天文塔的风比下面猛烈许多,吹得我长袍猎猎作响。我靠在冰凉的石头护栏边,俯视着下方。学生们像蚂蚁群涌入魁地奇球场四周的看台,喧闹声即使在这里也能隐约听到。
几滴冰冷的雨点猝不及防地砸在我的手背上,紧接着,更多的雨点开始噼里啪啦地落下,瞬间模糊了视线。我这才恍然想起差点忘了正事。抽出魔杖,熟练地在周身以及头顶可能漏雨的石檐处轻轻一点,低声念咒:“Impervius(防水防湿)。”

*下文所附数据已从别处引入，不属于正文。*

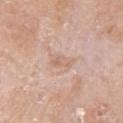follow-up=catalogued during a skin exam; not biopsied
subject=female, roughly 75 years of age
lesion diameter=~3 mm (longest diameter)
image-analysis metrics=an eccentricity of roughly 0.8 and two-axis asymmetry of about 0.3; a nevus-likeness score of about 0/100 and lesion-presence confidence of about 100/100
anatomic site=the arm
image=15 mm crop, total-body photography
illumination=white-light illumination
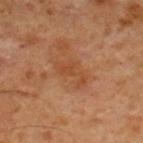• follow-up · no biopsy performed (imaged during a skin exam)
• subject · male, about 60 years old
• body site · the right lower leg
• TBP lesion metrics · an area of roughly 6 mm², an eccentricity of roughly 0.85, and a shape-asymmetry score of about 0.5 (0 = symmetric); internal color variation of about 1.5 on a 0–10 scale and a peripheral color-asymmetry measure near 0.5
• lighting · cross-polarized
• lesion size · ≈4 mm
• imaging modality · total-body-photography crop, ~15 mm field of view
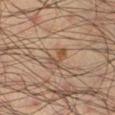Recorded during total-body skin imaging; not selected for excision or biopsy. Measured at roughly 3 mm in maximum diameter. A male subject, aged around 35. From the right lower leg. A 15 mm close-up tile from a total-body photography series done for melanoma screening.
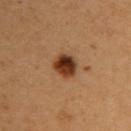Impression:
Recorded during total-body skin imaging; not selected for excision or biopsy.
Image and clinical context:
The lesion is located on the right upper arm. The tile uses cross-polarized illumination. The subject is a female aged 33 to 37. Automated tile analysis of the lesion measured an average lesion color of about L≈36 a*≈22 b*≈33 (CIELAB) and a normalized lesion–skin contrast near 13.5. The analysis additionally found a classifier nevus-likeness of about 100/100 and lesion-presence confidence of about 100/100. About 3 mm across. A close-up tile cropped from a whole-body skin photograph, about 15 mm across.
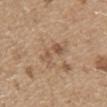Part of a total-body skin-imaging series; this lesion was reviewed on a skin check and was not flagged for biopsy. The lesion is on the left upper arm. This is a white-light tile. A male subject, aged 48 to 52. Cropped from a whole-body photographic skin survey; the tile spans about 15 mm.
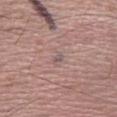Q: Where on the body is the lesion?
A: the left forearm
Q: Patient demographics?
A: male, aged around 35
Q: What is the imaging modality?
A: 15 mm crop, total-body photography
Q: What did automated image analysis measure?
A: border irregularity of about 3 on a 0–10 scale, a color-variation rating of about 0/10, and a peripheral color-asymmetry measure near 0
Q: How was the tile lit?
A: white-light
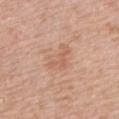Impression:
Captured during whole-body skin photography for melanoma surveillance; the lesion was not biopsied.
Clinical summary:
The lesion is on the mid back. Cropped from a total-body skin-imaging series; the visible field is about 15 mm. The total-body-photography lesion software estimated an area of roughly 7 mm², a shape eccentricity near 0.8, and two-axis asymmetry of about 0.4. The analysis additionally found a peripheral color-asymmetry measure near 0.5. The recorded lesion diameter is about 4 mm. A male patient, aged around 75.
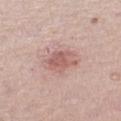Findings:
• follow-up — no biopsy performed (imaged during a skin exam)
• patient — female, roughly 40 years of age
• lesion diameter — about 3.5 mm
• body site — the left thigh
• image source — ~15 mm tile from a whole-body skin photo
• tile lighting — white-light
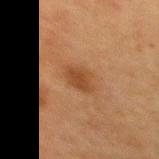Clinical impression:
Recorded during total-body skin imaging; not selected for excision or biopsy.
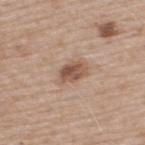* workup: total-body-photography surveillance lesion; no biopsy
* patient: male, aged 63 to 67
* acquisition: ~15 mm tile from a whole-body skin photo
* site: the back

一层无形的屏障悄然形成,将倾泻而下的雨水温柔地隔开,在我周围形成一个干燥而宁静的小空间。雨幕成了模糊的帘子,将远处的喧嚣隔开,唯有轰隆的雷声和雨点敲打城堡的声响变得格外清晰,让我感到一种莫名的惬意。
我从随身带着的小包里拿出一个黄铜制的全景望远镜——这是开学前在对角巷闲逛时,觉得有趣买下的小玩意儿。调整好焦距,下方的球场顿时清晰起来。

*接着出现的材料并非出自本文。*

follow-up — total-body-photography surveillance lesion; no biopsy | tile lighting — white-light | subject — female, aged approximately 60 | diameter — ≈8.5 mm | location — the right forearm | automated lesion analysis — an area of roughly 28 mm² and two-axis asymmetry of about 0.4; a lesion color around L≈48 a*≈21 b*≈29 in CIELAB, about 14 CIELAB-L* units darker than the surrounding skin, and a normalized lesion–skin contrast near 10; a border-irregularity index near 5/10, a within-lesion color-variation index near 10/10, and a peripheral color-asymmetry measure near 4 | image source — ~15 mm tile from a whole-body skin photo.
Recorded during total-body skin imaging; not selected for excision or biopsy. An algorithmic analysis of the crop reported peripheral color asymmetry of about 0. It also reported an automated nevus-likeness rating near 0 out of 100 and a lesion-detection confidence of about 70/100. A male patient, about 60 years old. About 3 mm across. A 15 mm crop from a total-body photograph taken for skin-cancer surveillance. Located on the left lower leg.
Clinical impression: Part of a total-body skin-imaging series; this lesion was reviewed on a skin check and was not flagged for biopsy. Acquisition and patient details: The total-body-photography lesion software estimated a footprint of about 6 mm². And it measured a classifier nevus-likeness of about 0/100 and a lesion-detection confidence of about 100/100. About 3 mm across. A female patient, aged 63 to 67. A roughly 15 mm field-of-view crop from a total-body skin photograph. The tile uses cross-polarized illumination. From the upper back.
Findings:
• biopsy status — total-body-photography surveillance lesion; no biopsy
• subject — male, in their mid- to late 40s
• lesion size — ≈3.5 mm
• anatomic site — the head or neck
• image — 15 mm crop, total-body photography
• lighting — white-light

没过几分钟,双方队员骑着扫帚进入了泥泞的赛场。我一眼就看到了那个耀眼的铂金色脑袋——德拉科·马尔福,他骑在光轮2001上,脸上带着那种惯有的、仿佛已经赢得比赛的倨傲表情。有点幼稚,却又带着这个年纪大部分男孩都有的、急于证明自己的孩子气。我看了几眼,兴趣缺缺,便将望远镜镜头稍稍移开。
比赛在暴雨和狂风中进行,看得并不真切。但没过多久,即使透过雨幕和望远镜,我也敏锐地察觉到了球场上的异样。
一颗游走球——那枚黑色、凶狠、本该无差别攻击所有人的球——像是彻底疯了,完全无视了其他所有球员,只死死盯着哈利·波特,以一种近乎自杀式的凶猛速度,一次又一次地冲向他!
哈利的飞行技术确实不错,他在暴雨中艰难地闪转腾挪,惊险万分地躲避着。有好几次,那沉重的铁球几乎是擦着他的扫帚尾或手臂飞过,带起的风声仿佛都能透过望远镜传到我的耳边。
“哦?”我轻轻发出一个气音,调整望远镜更仔细地观察。想象一下,如果被那样一颗失控的游走球砸个正着……我们亲爱的救世主大概会像一只被折断翅膀的鸟儿,或者说,像断了线的风筝,直接从高空坠落。粉碎性骨折恐怕都是最轻的结果,严重一点,全身性的骨骼碎裂、内脏破裂……谁知道呢?那场面一定相当……震撼。
但我更好奇的是——比赛竟然没有中止?
霍琦夫人就在场上,她不可能没发现这颗游走球的异常。是某种固执的“比赛精神”,还是另有原因?我眯起眼睛,雨水在我的防水咒外形成一道哗哗的水帘,让下方的追逐更像是一场模糊而激烈的默剧。
这场魁地奇比赛,似乎比我想象的要有趣那么一点点了。